As I mention elsewhere, I do not think that this program is so useful (while the idea is cute). The best way for a user to get involved would be contribute to articles, and the interaction which follows from there. Joining a wikiproject is also a good idea.
Besides, I believe that the {{ welcome}} template already has a bit too many links. If this project is found really useful, I'd suggest replacing one of the existing links than adding to it. Oleg Alexandrov ( talk) 16:09, 7 December 2006 (UTC)
Just now I needed to propose the splitting of Category:Life simulation games into Biological simulation games and Social simulation games, and found the required cf* and cf*2 templates didn't exist. I ended up using a modified version of {{ cfr}} on WP:CFD and the generic {{ split}} (with the rarely-used discuss parameter to point to CSD instead of category talk) on the category page itself. But I bet this isn't the only time a category's been put up for splitting. Shouldn't there be templates to do it with? Neon Merlin 04:58, 20 December 2006 (UTC)

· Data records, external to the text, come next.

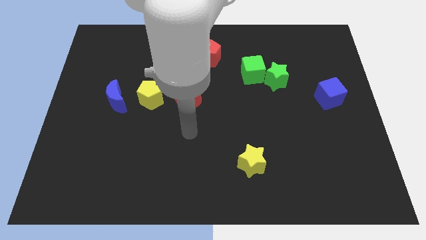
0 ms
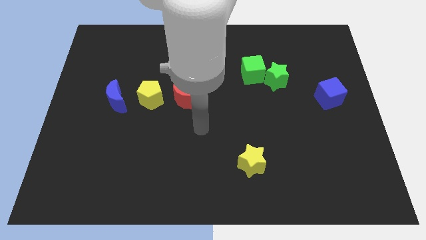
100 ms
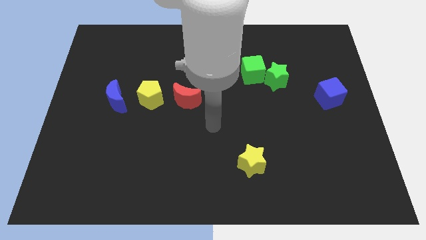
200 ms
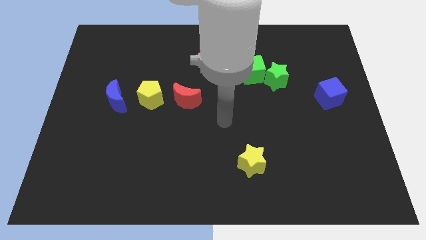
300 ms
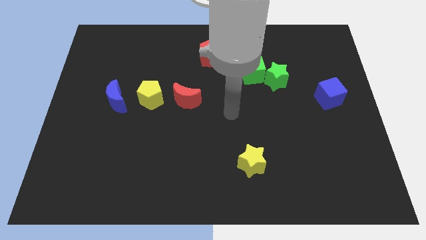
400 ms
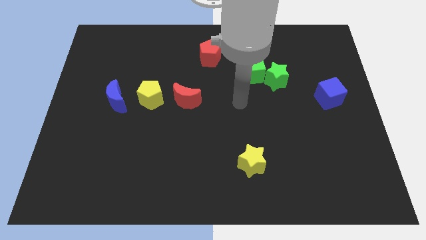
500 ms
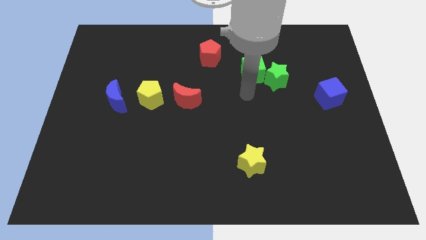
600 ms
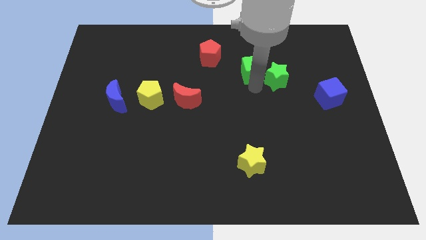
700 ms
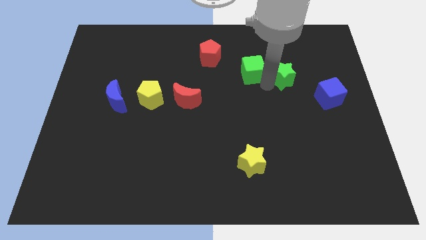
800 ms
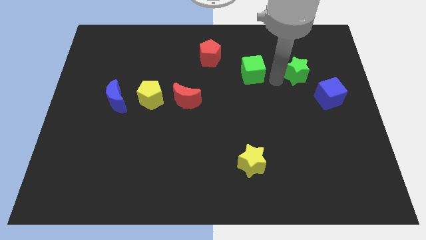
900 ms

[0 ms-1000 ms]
separate the green cube from the green star

I'll keep this short since most everything is explained elsewhere. Simply put, sometimes vandals are not fit to be reported to WP:AIV, but there should be a place where they can be kept track of. You may read the problem in detail at Wikipedia talk:Administrator intervention against vandalism#Removal of valid vandals, and I would appreciate any and all feedback on my possible solution, which is still in its early stages of being and is completely open to suggestions and constructive criticism. Dar- Ape 23:54, 18 December 2006 (UTC)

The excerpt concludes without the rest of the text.